En el parque de Juigalpa

A: Ronald Bendaña Cano Antes de cumplir los veinte años viví alrededor de la plaza mansamente machacando destinos sin profetas; en las bancas del parque convoqué audiencias espontáneas para que sus moradores relataran el descontento provinciano. Ahí justificamos nuestras vidas bajo la eternidad de los dioses y la imprescindible sustentación terrenal; sin cielo los ángeles […]

A: Ronald Bendaña Cano

Antes de cumplir los veinte años viví alrededor de la plaza mansamente machacando destinos sin profetas; en las bancas del parque convoqué audiencias espontáneas para que sus moradores relataran el descontento provinciano.

Ahí justificamos nuestras vidas bajo la eternidad de los dioses y la imprescindible sustentación terrenal; sin cielo los ángeles no existirían y sin tierra los hombres no podrían ubicar pretextos viables. Es necesario espacio para que el tiempo transite en su laberinto, juegos de espejos irradien semejanzas, dupliquen caracteres y extiendan compulsión del poder.

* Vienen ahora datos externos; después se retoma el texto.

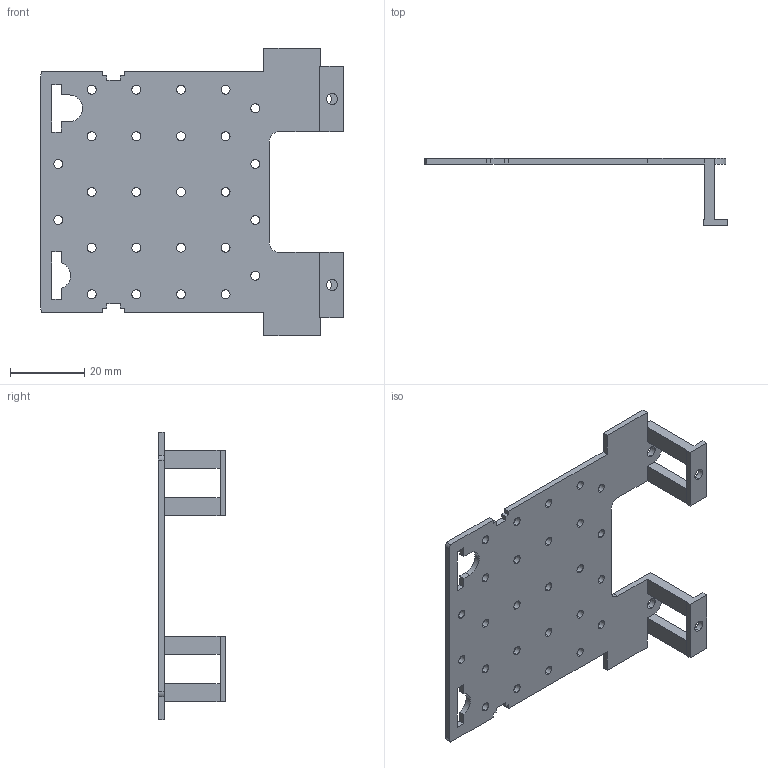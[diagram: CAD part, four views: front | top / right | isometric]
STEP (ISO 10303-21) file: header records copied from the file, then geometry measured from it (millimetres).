
FILE_DESCRIPTION (( 'STEP AP214' ), '1' );
FILE_NAME ('pp.STEP', '2020-10-29T19:50:48', ( '' ), ( '' ), 'SwSTEP 2.0', 'SolidWorks 2018', '' );
FILE_SCHEMA (( 'AUTOMOTIVE_DESIGN' ));
Length unit declared in the file: millimetre
Products named in the file (1): pp
Bounding box: 81.35 x 18.09 x 77.4 mm (x, y, z)
Volume: 8262.6 mm3; surface area: 11413.3 mm2
Topology: 1 solids, 1 shells, 135 faces, 409 edges, 272 vertices
Faces by surface type: cylinder 71, plane 64
Entity records: 4799 total; most frequent: DIRECTION 823, ORIENTED_EDGE 818, CARTESIAN_POINT 817, EDGE_CURVE 409, AXIS2_PLACEMENT_3D 278, VERTEX_POINT 272, VECTOR 267, LINE 267

El día encendimos para trasegar aceptaciones y apariencias. Repetimos signos predadores de conciliábulos universales, orgías de brujos que refrescan realidades, distractores míticos para no horrorizarnos de nuestra crueldad. Aprendimos la canción preescolar ejercitada, mantuvimos necesariamente erección inmediata y maldecimos la estupidez que casi nos condujo al suicidio. ¿Bebimos el sol y sus confines sin desatar placer? ¿Cargamos la pasión primitiva con perseverancia evolucionista?

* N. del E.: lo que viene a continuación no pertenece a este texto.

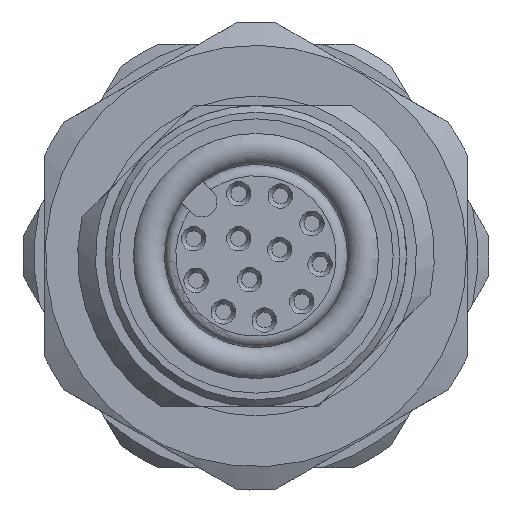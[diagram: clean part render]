
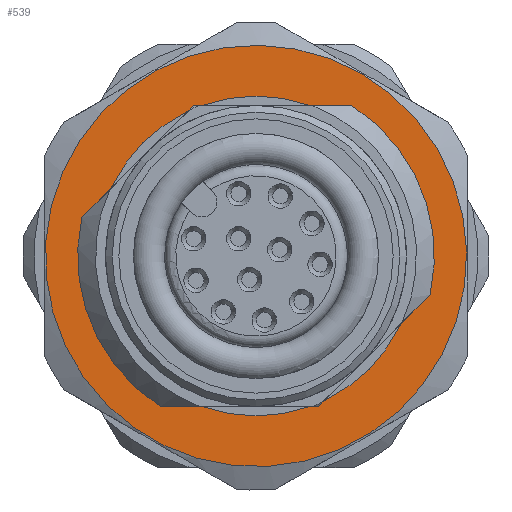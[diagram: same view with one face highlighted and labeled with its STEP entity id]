
A CAD part, front view. The second image highlights one B-rep face of the part: STEP entity #539.
In plain terms, the highlighted planar face has unit normal (0, -1, 0).
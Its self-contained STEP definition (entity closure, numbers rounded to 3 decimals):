
#162=FACE_BOUND('',#984,.T.);
#163=FACE_BOUND('',#985,.T.);
#434=PLANE('',#3494);
#539=ADVANCED_FACE('',(#162,#163),#434,.T.);
#984=EDGE_LOOP('',(#1729));
#985=EDGE_LOOP('',(#1730,#1731,#1732,#1733,#1734,#1735,#1736,#1737,#1738,
#1739,#1740,#1741,#1742,#1743));
#1360=LINE('',#5097,#1490);
#1362=LINE('',#5100,#1492);
#1368=LINE('',#5116,#1498);
#1369=LINE('',#5117,#1499);
#1375=LINE('',#5133,#1505);
#1377=LINE('',#5136,#1507);
#1382=LINE('',#5150,#1512);
#1383=LINE('',#5151,#1513);
#1490=VECTOR('',#4012,1.);
#1492=VECTOR('',#4014,1.);
#1498=VECTOR('',#4022,1.);
#1499=VECTOR('',#4023,1.);
#1505=VECTOR('',#4031,1.);
#1507=VECTOR('',#4033,1.);
#1512=VECTOR('',#4040,1.);
#1513=VECTOR('',#4041,1.);
#1729=ORIENTED_EDGE('',*,*,#2864,.F.);
#1730=ORIENTED_EDGE('',*,*,#2837,.F.);
#1731=ORIENTED_EDGE('',*,*,#2844,.F.);
#1732=ORIENTED_EDGE('',*,*,#2865,.F.);
#1733=ORIENTED_EDGE('',*,*,#2845,.F.);
#1734=ORIENTED_EDGE('',*,*,#2820,.F.);
#1735=ORIENTED_EDGE('',*,*,#2860,.T.);
#1736=ORIENTED_EDGE('',*,*,#2866,.F.);
#1737=ORIENTED_EDGE('',*,*,#2861,.T.);
#1738=ORIENTED_EDGE('',*,*,#2852,.T.);
#1739=ORIENTED_EDGE('',*,*,#2867,.F.);
#1740=ORIENTED_EDGE('',*,*,#2854,.T.);
#1741=ORIENTED_EDGE('',*,*,#2797,.F.);
#1742=ORIENTED_EDGE('',*,*,#2835,.F.);
#1743=ORIENTED_EDGE('',*,*,#2868,.F.);
#2466=VERTEX_POINT('',#4989);
#2468=VERTEX_POINT('',#4992);
#2483=VERTEX_POINT('',#5054);
#2484=VERTEX_POINT('',#5056);
#2493=VERTEX_POINT('',#5096);
#2494=VERTEX_POINT('',#5099);
#2495=VERTEX_POINT('',#5101);
#2499=VERTEX_POINT('',#5115);
#2500=VERTEX_POINT('',#5118);
#2504=VERTEX_POINT('',#5132);
#2505=VERTEX_POINT('',#5134);
#2506=VERTEX_POINT('',#5137);
#2509=VERTEX_POINT('',#5149);
#2510=VERTEX_POINT('',#5152);
#2512=VERTEX_POINT('',#5158);
#2797=EDGE_CURVE('',#2466,#2468,#3214,.T.);
#2820=EDGE_CURVE('',#2483,#2484,#3223,.T.);
#2835=EDGE_CURVE('',#2493,#2466,#1360,.T.);
#2837=EDGE_CURVE('',#2494,#2495,#1362,.T.);
#2844=EDGE_CURVE('',#2499,#2494,#1368,.T.);
#2845=EDGE_CURVE('',#2484,#2500,#1369,.T.);
#2852=EDGE_CURVE('',#2505,#2504,#1375,.T.);
#2854=EDGE_CURVE('',#2506,#2468,#1377,.T.);
#2860=EDGE_CURVE('',#2483,#2509,#1382,.T.);
#2861=EDGE_CURVE('',#2510,#2505,#1383,.T.);
#2864=EDGE_CURVE('',#2512,#2512,#3230,.T.);
#2865=EDGE_CURVE('',#2500,#2499,#3231,.T.);
#2866=EDGE_CURVE('',#2510,#2509,#3232,.T.);
#2867=EDGE_CURVE('',#2506,#2504,#3233,.T.);
#2868=EDGE_CURVE('',#2495,#2493,#3234,.T.);
#3214=CIRCLE('',#3454,8.);
#3223=CIRCLE('',#3470,8.);
#3230=CIRCLE('',#3489,9.45);
#3231=CIRCLE('',#3490,7.172);
#3232=CIRCLE('',#3491,7.172);
#3233=CIRCLE('',#3492,7.172);
#3234=CIRCLE('',#3493,7.172);
#3454=AXIS2_PLACEMENT_3D('',#4991,#3937,#3938);
#3470=AXIS2_PLACEMENT_3D('',#5055,#3977,#3978);
#3489=AXIS2_PLACEMENT_3D('',#5157,#4046,#4047);
#3490=AXIS2_PLACEMENT_3D('',#5159,#4048,#4049);
#3491=AXIS2_PLACEMENT_3D('',#5160,#4050,#4051);
#3492=AXIS2_PLACEMENT_3D('',#5161,#4052,#4053);
#3493=AXIS2_PLACEMENT_3D('',#5162,#4054,#4055);
#3494=AXIS2_PLACEMENT_3D('',#5163,#4056,#4057);
#3937=DIRECTION('',(0.,-1.,0.));
#3938=DIRECTION('',(0.,0.,1.));
#3977=DIRECTION('',(0.,-1.,0.));
#3978=DIRECTION('',(0.,0.,1.));
#4012=DIRECTION('',(-0.707,0.,-0.707));
#4014=DIRECTION('',(-0.707,0.,-0.707));
#4022=DIRECTION('',(-1.,0.,0.));
#4023=DIRECTION('',(-1.,0.,0.));
#4031=DIRECTION('',(-1.,0.,0.));
#4033=DIRECTION('',(-1.,0.,0.));
#4040=DIRECTION('',(-0.707,0.,-0.707));
#4041=DIRECTION('',(-0.707,0.,-0.707));
#4046=DIRECTION('',(0.,1.,0.));
#4047=DIRECTION('',(0.5,0.,0.866));
#4048=DIRECTION('',(0.,-1.,0.));
#4049=DIRECTION('',(-0.5,0.,-0.866));
#4050=DIRECTION('',(0.,-1.,0.));
#4051=DIRECTION('',(-0.5,0.,-0.866));
#4052=DIRECTION('',(0.,-1.,0.));
#4053=DIRECTION('',(-0.5,0.,-0.866));
#4054=DIRECTION('',(0.,-1.,0.));
#4055=DIRECTION('',(-0.5,0.,-0.866));
#4056=DIRECTION('',(0.,-1.,0.));
#4057=DIRECTION('',(0.5,0.,0.866));
#4989=CARTESIAN_POINT('',(0.641,1.05,1.737));
#4991=CARTESIAN_POINT('',(8.45,1.05,0.));
#4992=CARTESIAN_POINT('',(4.156,1.05,-6.75));
#5054=CARTESIAN_POINT('',(16.259,1.05,-1.737));
#5055=CARTESIAN_POINT('',(8.45,1.05,0.));
#5056=CARTESIAN_POINT('',(12.744,1.05,6.75));
#5096=CARTESIAN_POINT('',(1.963,1.05,3.059));
#5097=CARTESIAN_POINT('',(-0.385,1.05,0.711));
#5099=CARTESIAN_POINT('',(5.654,1.05,6.75));
#5100=CARTESIAN_POINT('',(-0.385,1.05,0.711));
#5101=CARTESIAN_POINT('',(5.391,1.05,6.487));
#5115=CARTESIAN_POINT('',(6.026,1.05,6.75));
#5116=CARTESIAN_POINT('',(5.654,1.05,6.75));
#5117=CARTESIAN_POINT('',(5.654,1.05,6.75));
#5118=CARTESIAN_POINT('',(10.874,1.05,6.75));
#5132=CARTESIAN_POINT('',(10.874,1.05,-6.75));
#5133=CARTESIAN_POINT('',(2.706,1.05,-6.75));
#5134=CARTESIAN_POINT('',(11.246,1.05,-6.75));
#5136=CARTESIAN_POINT('',(2.706,1.05,-6.75));
#5137=CARTESIAN_POINT('',(6.026,1.05,-6.75));
#5149=CARTESIAN_POINT('',(14.937,1.05,-3.059));
#5150=CARTESIAN_POINT('',(11.246,1.05,-6.75));
#5151=CARTESIAN_POINT('',(11.246,1.05,-6.75));
#5152=CARTESIAN_POINT('',(11.509,1.05,-6.487));
#5157=CARTESIAN_POINT('',(8.45,1.05,0.));
#5158=CARTESIAN_POINT('',(13.175,1.05,8.184));
#5159=CARTESIAN_POINT('',(8.45,1.05,0.));
#5160=CARTESIAN_POINT('',(8.45,1.05,0.));
#5161=CARTESIAN_POINT('',(8.45,1.05,0.));
#5162=CARTESIAN_POINT('',(8.45,1.05,0.));
#5163=CARTESIAN_POINT('',(8.45,1.05,0.));

Enterramos y desenterramos muertos. Achicamos al misterioso corazón algunas penas para ganarle muchas batallas; tratamos de convencerlo, redimirle llantos aprisionados, deseando no empañar vitrales del claustro de la parroquia ni arruinar la piel de vírgenes cautivas.

Dos

La parroquia de la Asunción y el parque central de Juigalpa anudaban resignación franciscana. Deambulábamos entre altares y arboledas para airear desconsuelo. Recuerdo la vieja casona alzando el hermoso campanario colonial derrumbado por curas ociosos, el cual alegraba la tibieza del aire bajo repiques armoniosos del anacoreta Chon Pedorro, olvidado beato que no pudo graduarse de tonto, porque para Chon el camino a Roma era muy largo, aunque sabemos otros alebrijes menos penitentes gozan ese manoseo vaticano.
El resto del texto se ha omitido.